One of my favorite phrases comes from Eucharistic Prayer II – “Make holy, therefore, these gifts, we pray, by sending down your Spirit upon them like dewfall, so they may become for us the Body and Blood of our Lord Jesus Christ.”

It is the word dewfall that touches my heart so much. I really did not know what it meant but I was thinking about it last weekend during Mass. A few days later, I came upon a blog post where the blogger shared that this was one of his favorite prayers as well, especially the use of the word “dewfall.”

He described dewfall as the unseen becoming seen. Beautiful.

So, with that God-incidence, I did some more research and found an article by a Catholic archbishop who wrote that dew is an important source of water for people in the desert and it signifies life. Life.

Also, God used dew to feed the Israelites manna in the desert. The dew formed on the ground and when it dried, the flakes of manna appeared. This was their bread.

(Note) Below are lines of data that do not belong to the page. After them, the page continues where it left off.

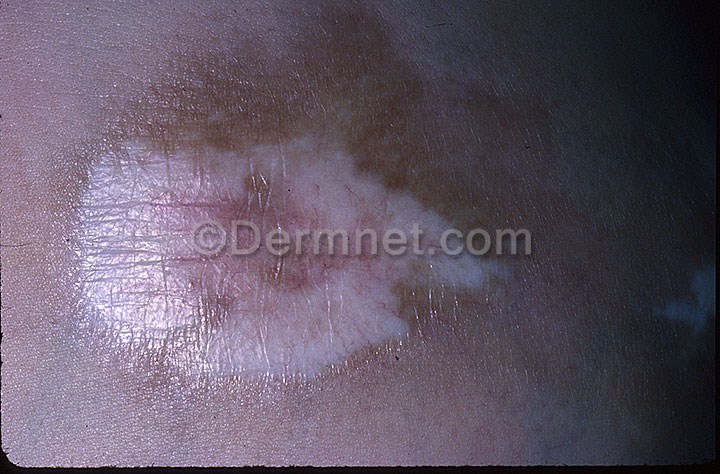
Disease: Psoriasis pictures Lichen Planus and related diseases
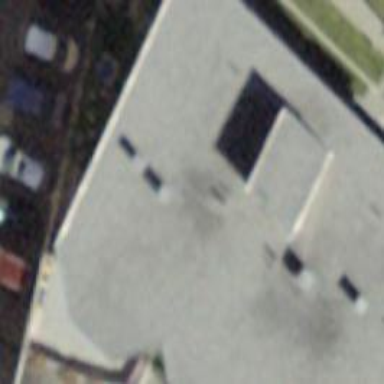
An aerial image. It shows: Flat-roofed building.
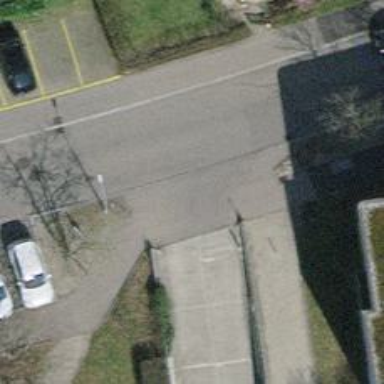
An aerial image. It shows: Unmarked crossing with traffic calming table.
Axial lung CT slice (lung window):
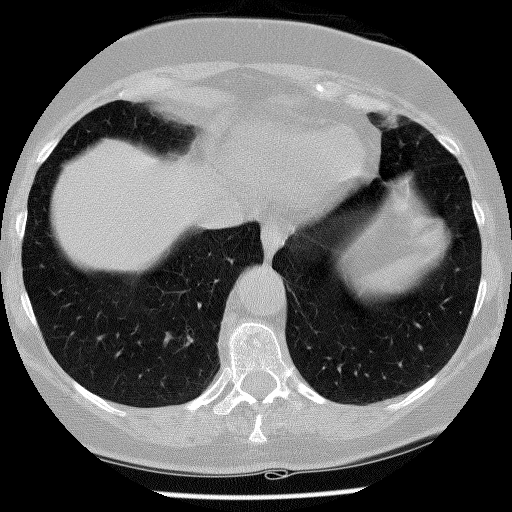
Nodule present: no
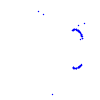
Particle: pion
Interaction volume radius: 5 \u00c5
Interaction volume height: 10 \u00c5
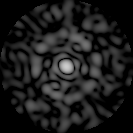
Disorder parameter: 0.8527
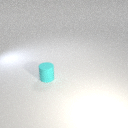
small cyan rubber cylinder
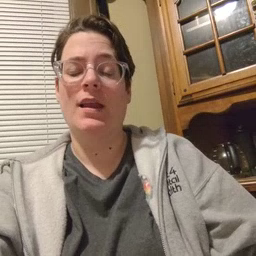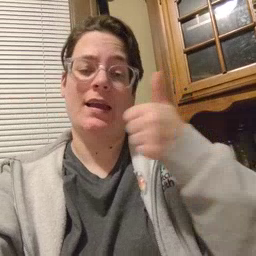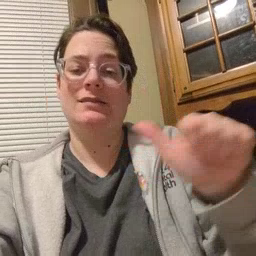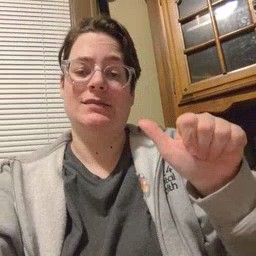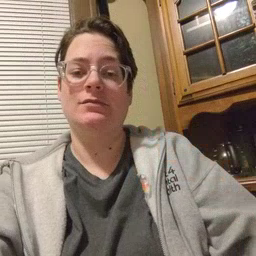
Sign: any

Bread of life. Unseen becoming seen.

No wonder that word touched me.


5 Responses »

  1. Colleen, “Dewfall” is my favorite, too. It’s poetic and mysterious-just like the Holy Spirit. What a fitting word to describe what happens in transubstantiation. It seems crazy, I know, but at my former church, the pastor refused to say it. There were many things that he objected to in the Church and, after 21 years at my parish, my family and I finally left, and I often say that his refusal to say “like the dewfall” was the final straw. We have been loving our new parish, where both priests pray the Mass exactly as it is meant to be. Now a retired priest moved into the rectory and has been helping with Mass. He also omits “like the dewfall.” I asked him why he doesn’t say it and he told me it’s because “dew doesn’t fall.” I shared Websters Dictionary definition with him. I didn’t want to be unwelcoming to him considering it’s his home, now, but at the same time, it upset me that it gets omitted depending upon the priest’s opinion of the definition of the word. At any rate, the retired pastor now uses a different version of the Eucharistic Prayer to get around saying it. Thanks for this post. I will visit your links. God bless you!

    • Wow. Another God-incidence! You were meant to come read this post for sure!!! I do not understand at all why they will not say dewfall. I can understand you being upset about that. Hope you enjoy those other links! God bless.

  2. Dewfall by the power of the Holy Spirit, the Spirit of charity, the perfect love of Christ that makes transubstantiation possible. A great and beautiful mystery I take for granted too often.